A portion of Li Po’s verse is happily marked with a simply expansive spirit, a disdain for class distinction, a mix of aplomb and bonhomie; he’s terrific company. But some of the wild wonder of his more legendary presence also inhabits his verse, even in translation. Unlike Du Fu, who seems to us completely, insistently secular, saturated in heartbreak and tragedy, Li Po was a rapt wanderer, almost a shaman, who studied with Taoist masters; and here we may find a connection with those later drinking songs Seaton translated. Drink was one of the ways T’ang poets got their feet off the ground, but because of its connection with Taoist elixirs and the pursuit of immortality, the drinking songs always refuse to be just drinking songs, like, say, the rowdy bibulous lyrics in the Carmina Burana. The Taoist-influenced poets, when they drink, seem to go somewhere, some place that is not quite the ordinary earth. And their words take on not only the cheer of a good high, but the accents of Lao Tzu and the other Taoist sages, so that those woodland paths, the gaggles of courtesans, the infinite emptiness of the night sky above, all partake of the uncanny, even the wondrous. Seaton’s translations bring across the expansive heart of Li Po, but at their best they also convey this strange and heightened air.

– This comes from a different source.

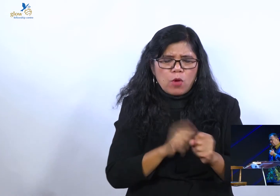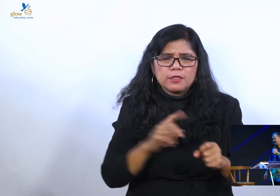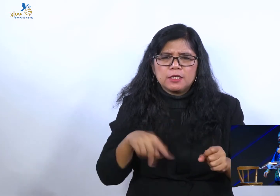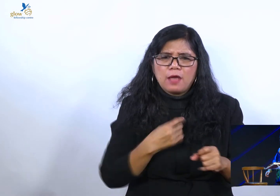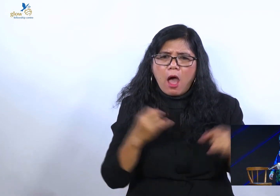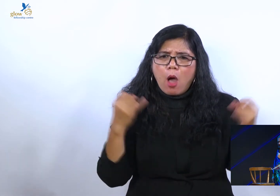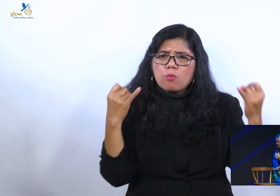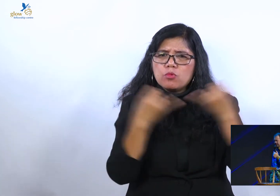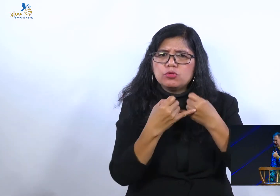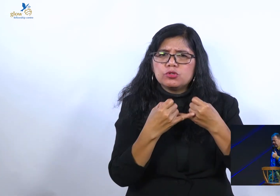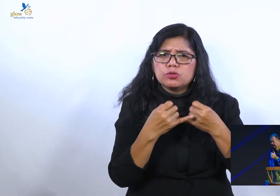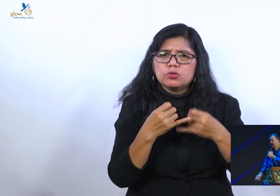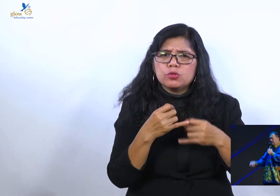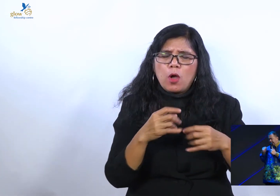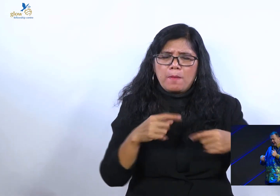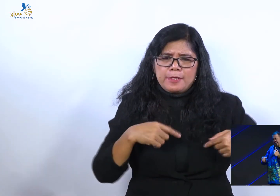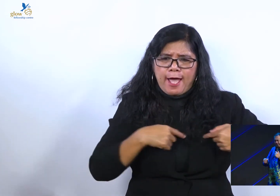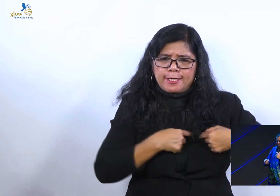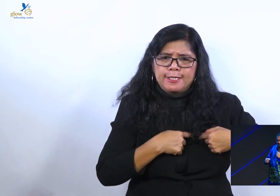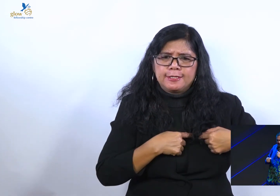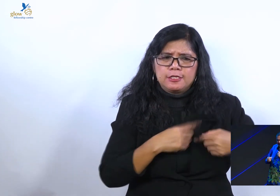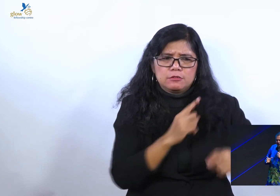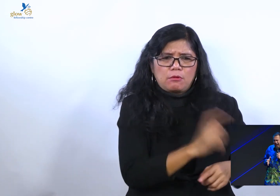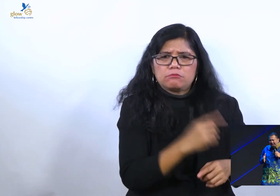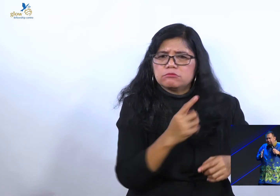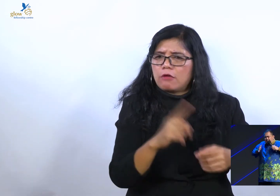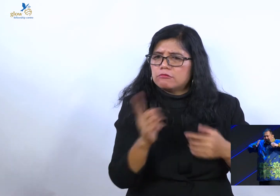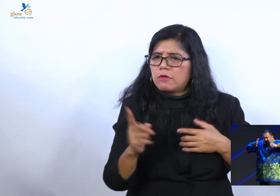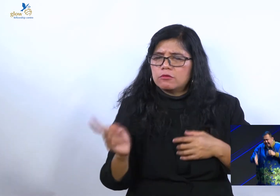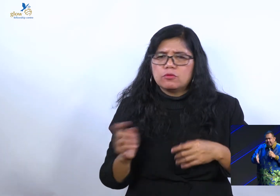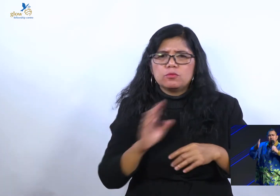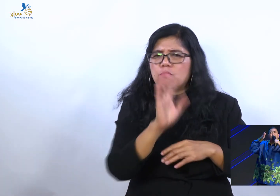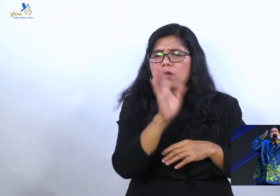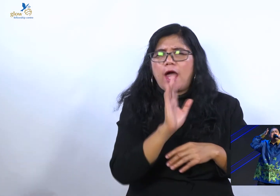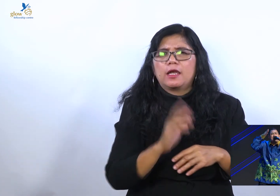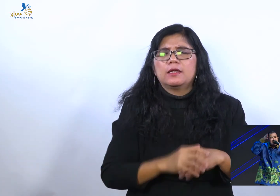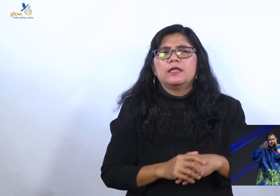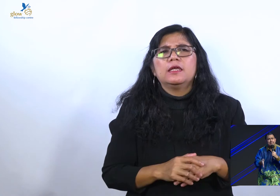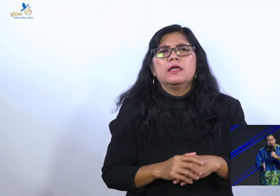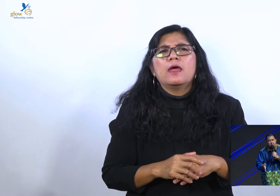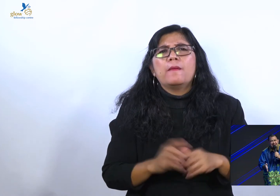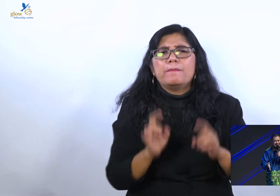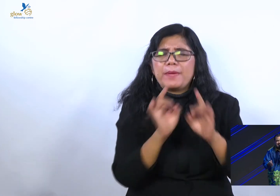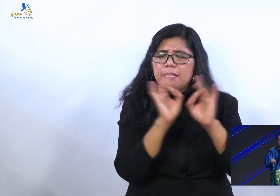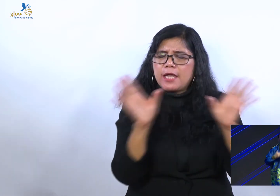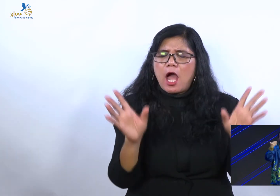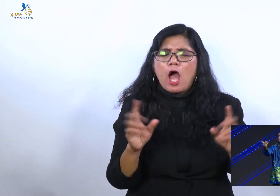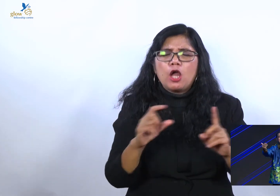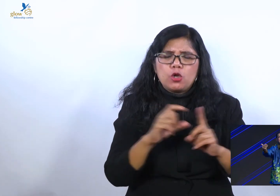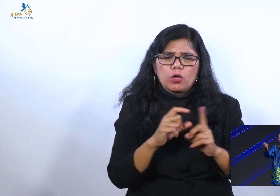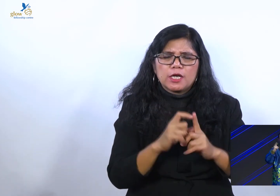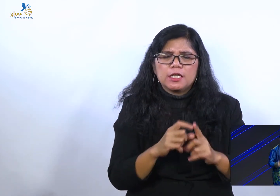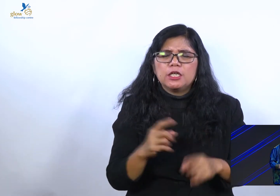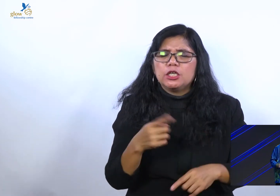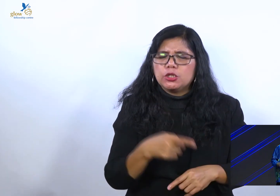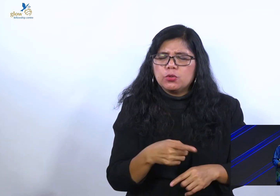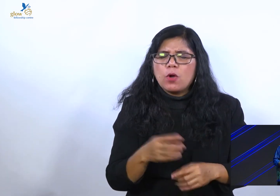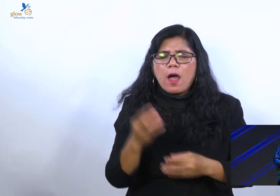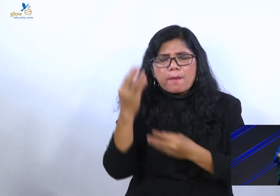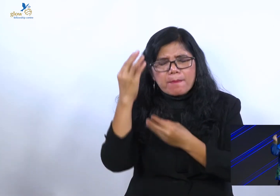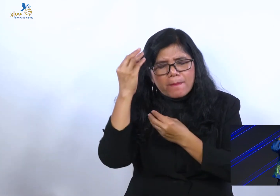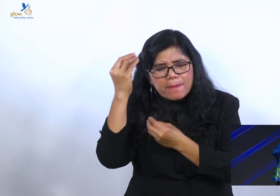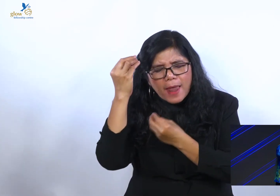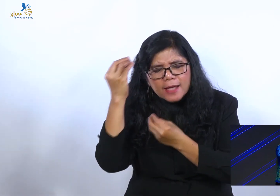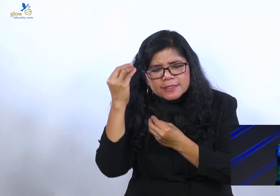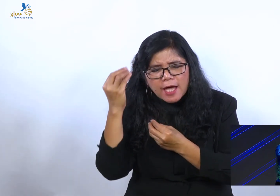berarti kita harus menyakiti satu sama lainnya. Perbedaan doktrin adalah pengajaran untuk kita belajar menundukkan diri. Saling menghormati di tengah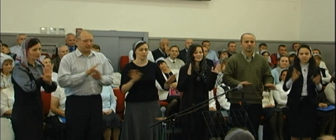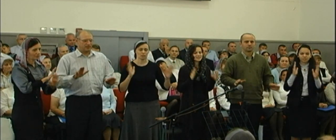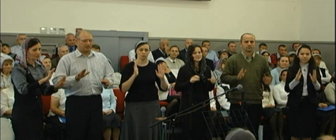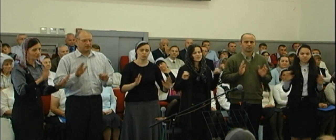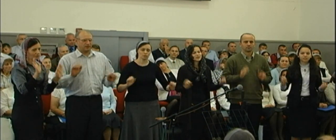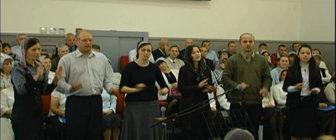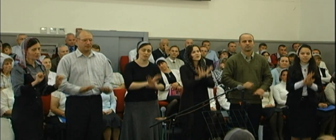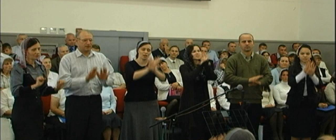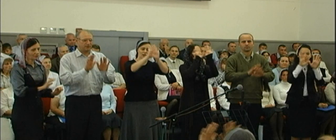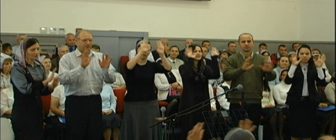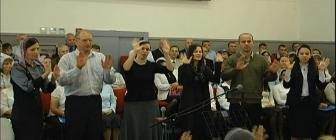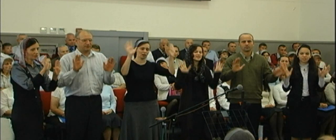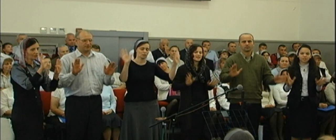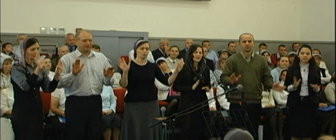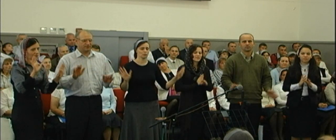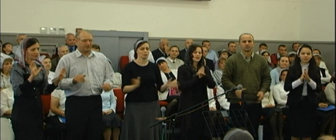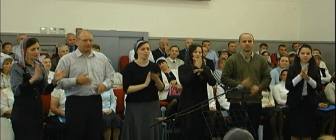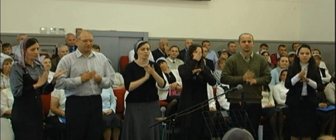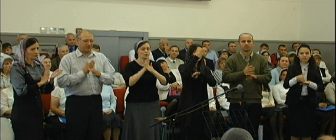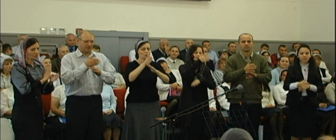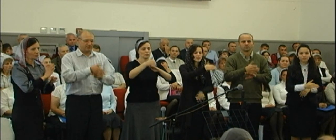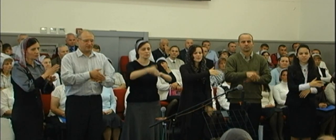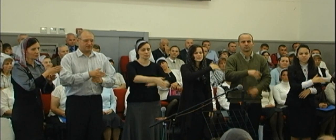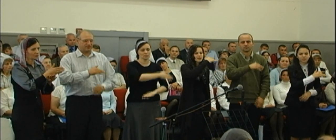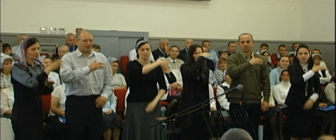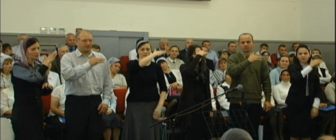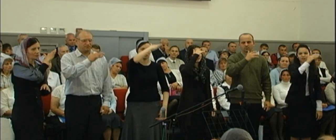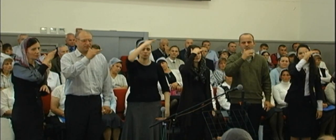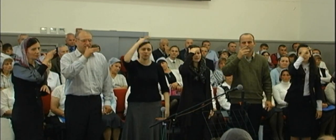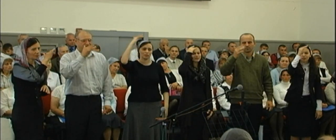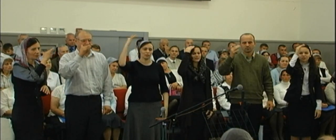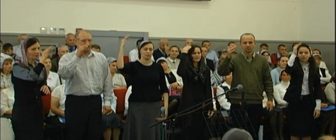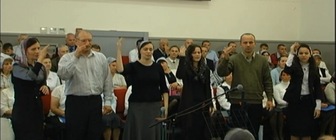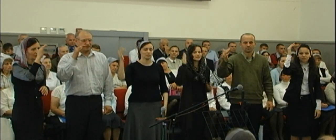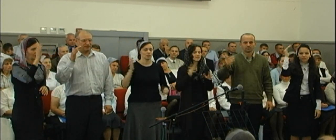Нет ли святой святые войдет в небеса?

This night, in Summit Temple,

I raise my hand and touch the stars.

I wouldn’t dare to raise my voice,

for fear I’d wake them, up in Heaven.

Seaton ends his selection with a seventeen-poem sequence, “Fall Cove Songs,” by the end of which Fall Cove seems a near neighbor to Han Shan’s Cold Mountain—another place not entirely on any map. “There is another world other than this one we choose to live in,” Li Po writes, and, reading Seaton’s versions, we feel we’ve spent a little time there ourselves.